[Gate-users] Placements File
Marc Chamberland
MarcChamberland at cmail.carleton.ca
Mon Aug 11 20:40:38 CEST 2014
I'm not sure what you're trying to do. You want to repeat a volume thousands of times and each copy has a different location? And those volumes do not move in time?
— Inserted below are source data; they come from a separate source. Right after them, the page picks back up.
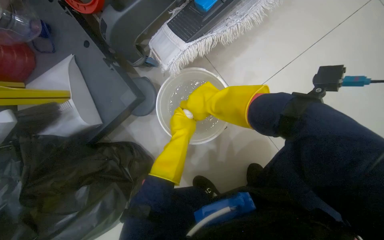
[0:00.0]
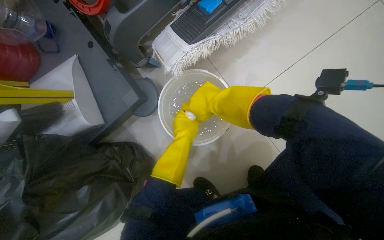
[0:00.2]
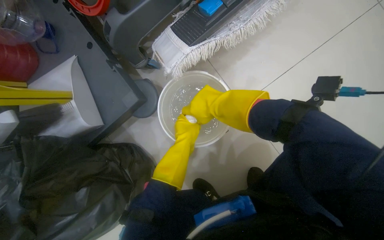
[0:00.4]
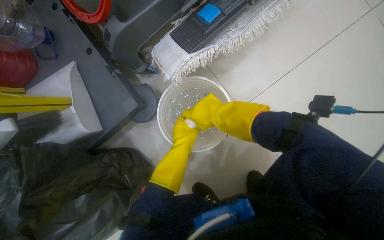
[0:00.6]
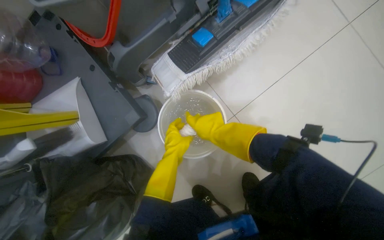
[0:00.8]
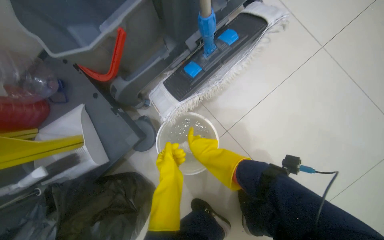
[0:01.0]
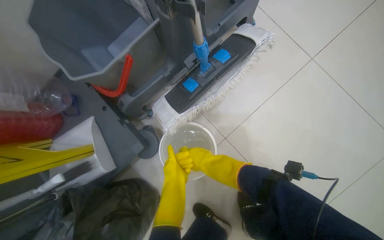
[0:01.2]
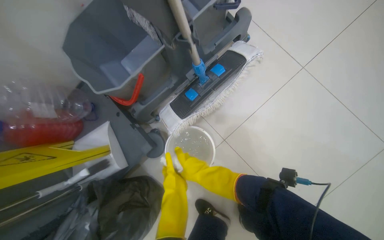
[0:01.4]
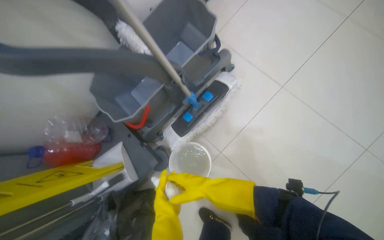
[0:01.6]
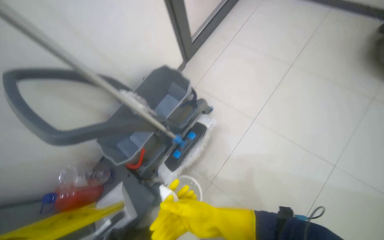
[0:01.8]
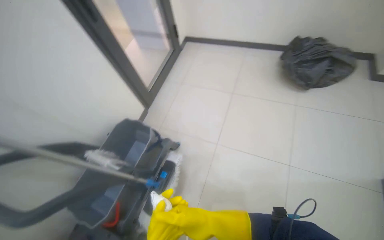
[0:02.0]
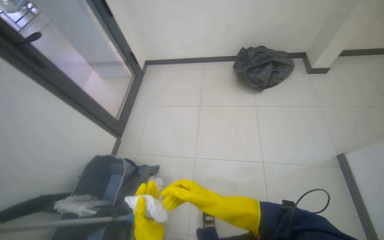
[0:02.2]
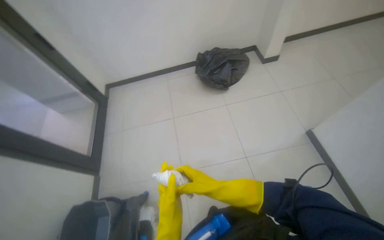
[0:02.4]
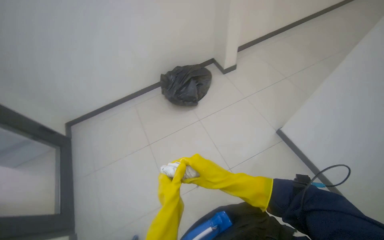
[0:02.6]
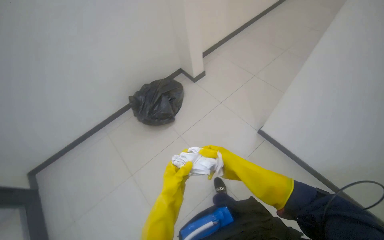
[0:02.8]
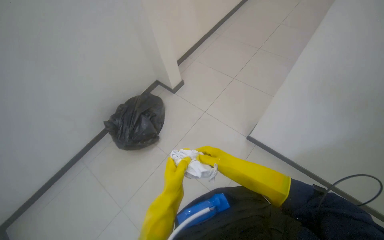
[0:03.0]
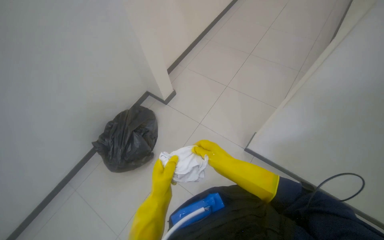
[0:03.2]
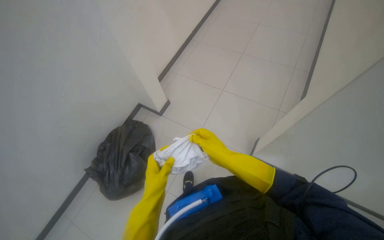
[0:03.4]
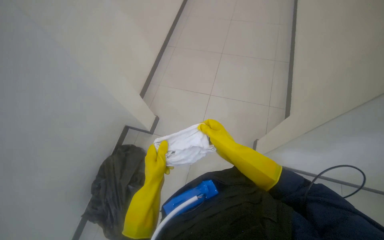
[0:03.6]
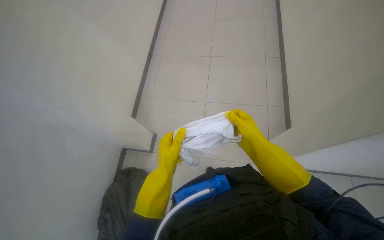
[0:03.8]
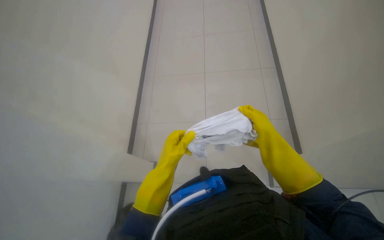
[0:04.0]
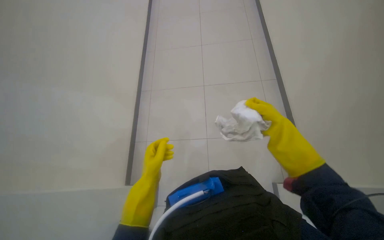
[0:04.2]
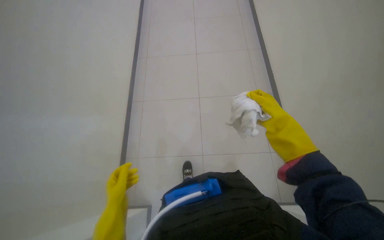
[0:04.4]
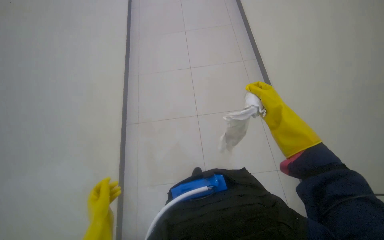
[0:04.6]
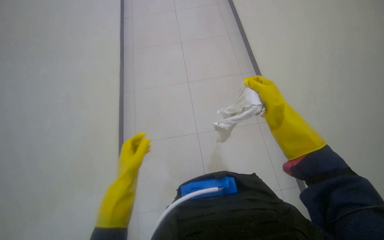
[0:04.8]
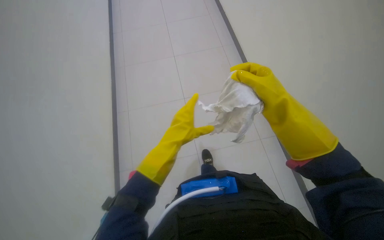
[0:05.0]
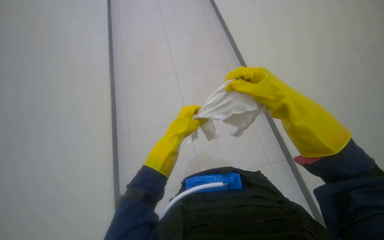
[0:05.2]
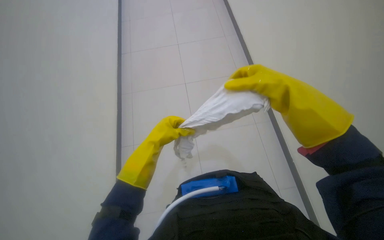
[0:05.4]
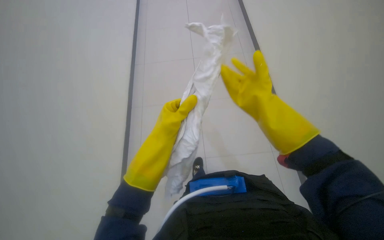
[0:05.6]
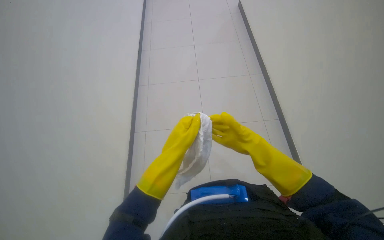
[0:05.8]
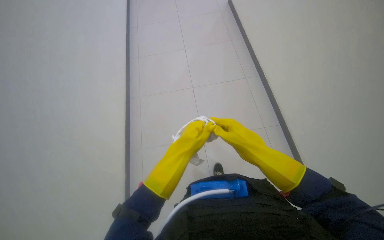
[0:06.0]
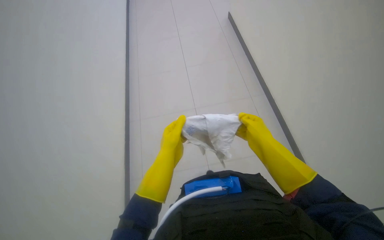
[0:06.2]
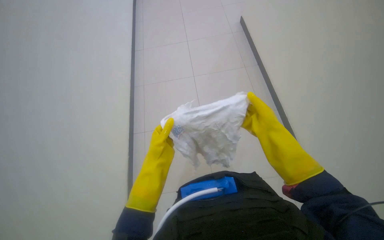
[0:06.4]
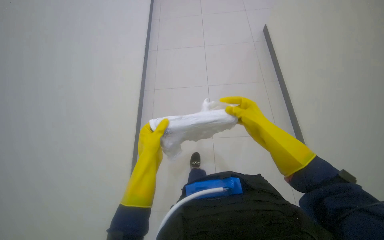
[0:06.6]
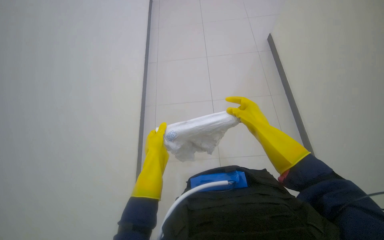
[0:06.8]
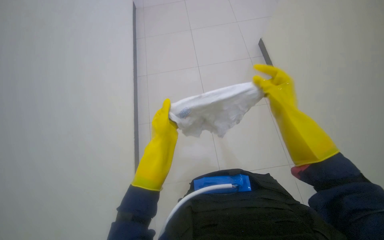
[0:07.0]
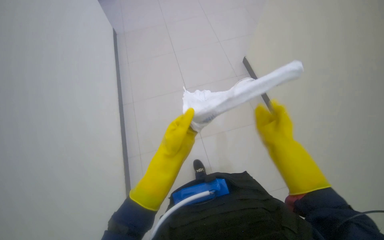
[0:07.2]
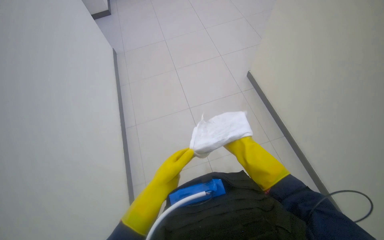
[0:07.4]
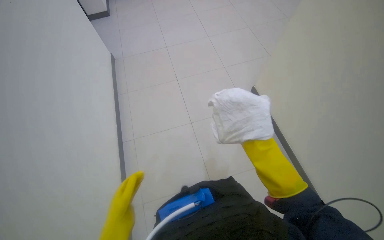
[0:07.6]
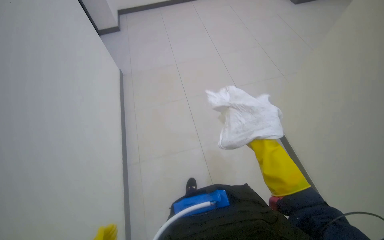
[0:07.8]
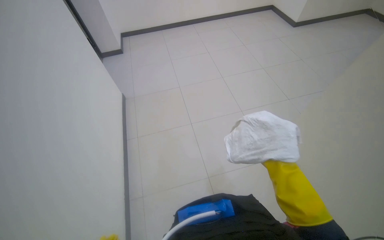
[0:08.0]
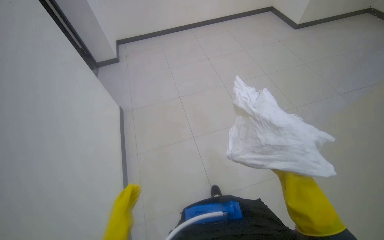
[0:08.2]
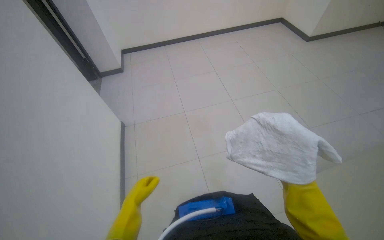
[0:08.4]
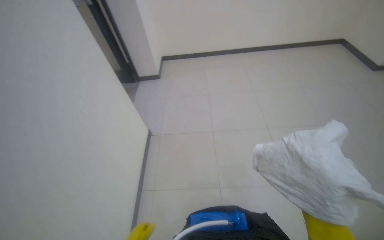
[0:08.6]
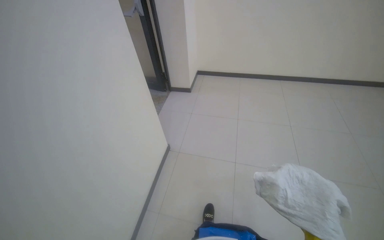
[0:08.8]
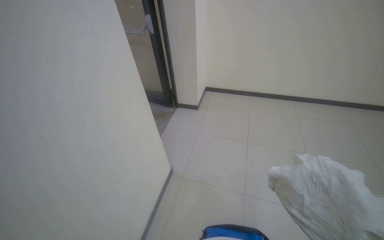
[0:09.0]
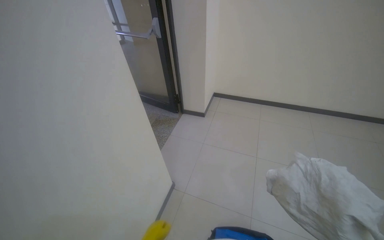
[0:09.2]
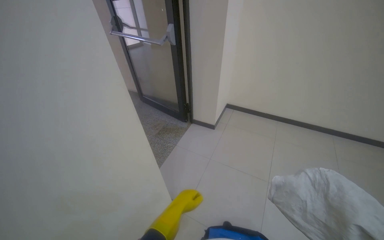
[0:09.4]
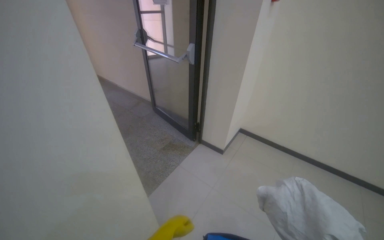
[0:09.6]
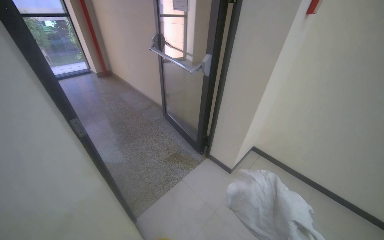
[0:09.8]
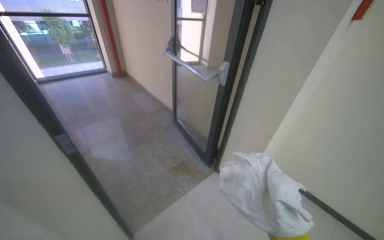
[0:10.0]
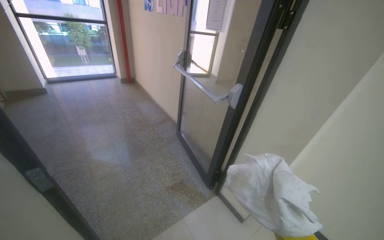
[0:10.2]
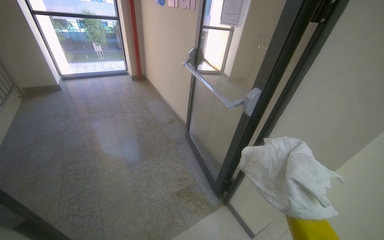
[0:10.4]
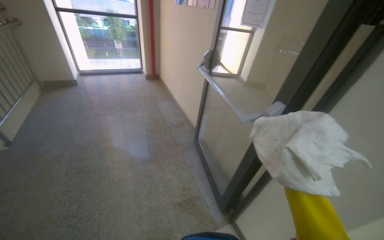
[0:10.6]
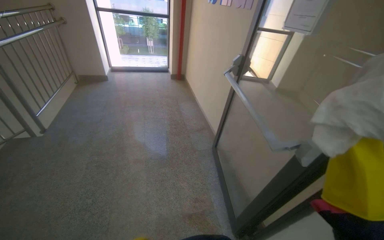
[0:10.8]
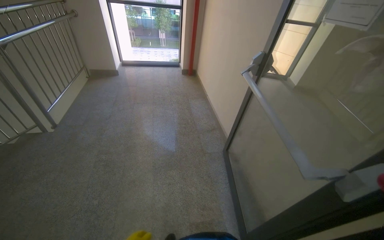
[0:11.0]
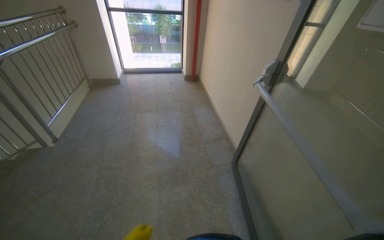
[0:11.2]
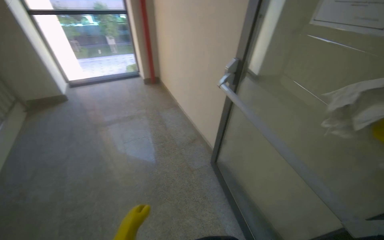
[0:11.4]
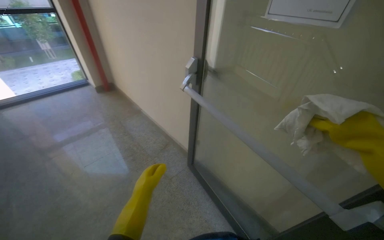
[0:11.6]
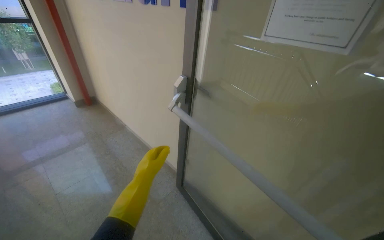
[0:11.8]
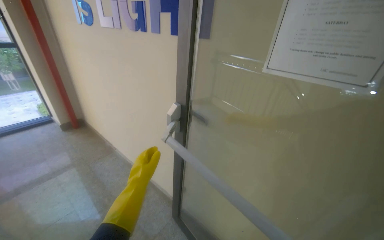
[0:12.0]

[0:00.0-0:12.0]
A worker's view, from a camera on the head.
Job: wiping surfaces.
The whole recording: Wiping various hallway surfaces. The worker wipes various surfaces in the hallway, including glass doors, handrails, and walls.
0:00.0 to 0:01.6: The camera travels about 40 cm. The view tilts roughly 15 degrees upward.
0:01.6 to 0:03.0: The camera travels some 90 cm. The head turns to the right by about 95 degrees. The wearer looks about 40 degrees further upward.
0:03.0 to 0:04.4: The camera travels some 70 cm. The wearer's head swings some 30 degrees to the right.
0:04.4 to 0:06.0: The right hand is displaced nearer to the camera, to the left and down the picture by about 30 cm. The left hand goes roughly 30 cm up the picture and nearer to the camera.
0:06.0 to 0:07.6: The left hand is displaced down the picture and to the left by about 20 cm.
0:07.6 to 0:09.0: The wearer moves roughly 50 cm. The wearer looks roughly 25 degrees further to the left. The view tips upward by roughly 10 degrees.
0:09.0 to 0:10.4: The wearer moves some 90 cm. The head turns to the left by approximately 45 degrees. The view tips upward by about 15 degrees.
0:10.4 to 0:12.0: The wearer moves roughly 90 cm. The head rotates some 20 degrees to the right.

If so, then I suggest you use the generic repeater move. It would look like this:
/gate/originalVolume/moves/insert genericRepeaterMove
/gate/originalVolume/genericRepeaterMove/setPlacementsFilename myvolume.placements
Then, the file:
###### List of placement (translation and rotation)
###### Column 1 is rotationAngle in degree
###### Columns 2,3,4 are rotation axis
###### Columns 5,6,7 are translation in mm
Time s
NumberOfPlacements 1000
Rotation deg
Translation mm
#Time # Copy 1 # Copy 2 # Copy 3 .... (all the way to # Copy 1000)
0 0 1 0 0 20 0 0 0 1 0 0 80 0 0 0 1 0 0 -60 0 0 ....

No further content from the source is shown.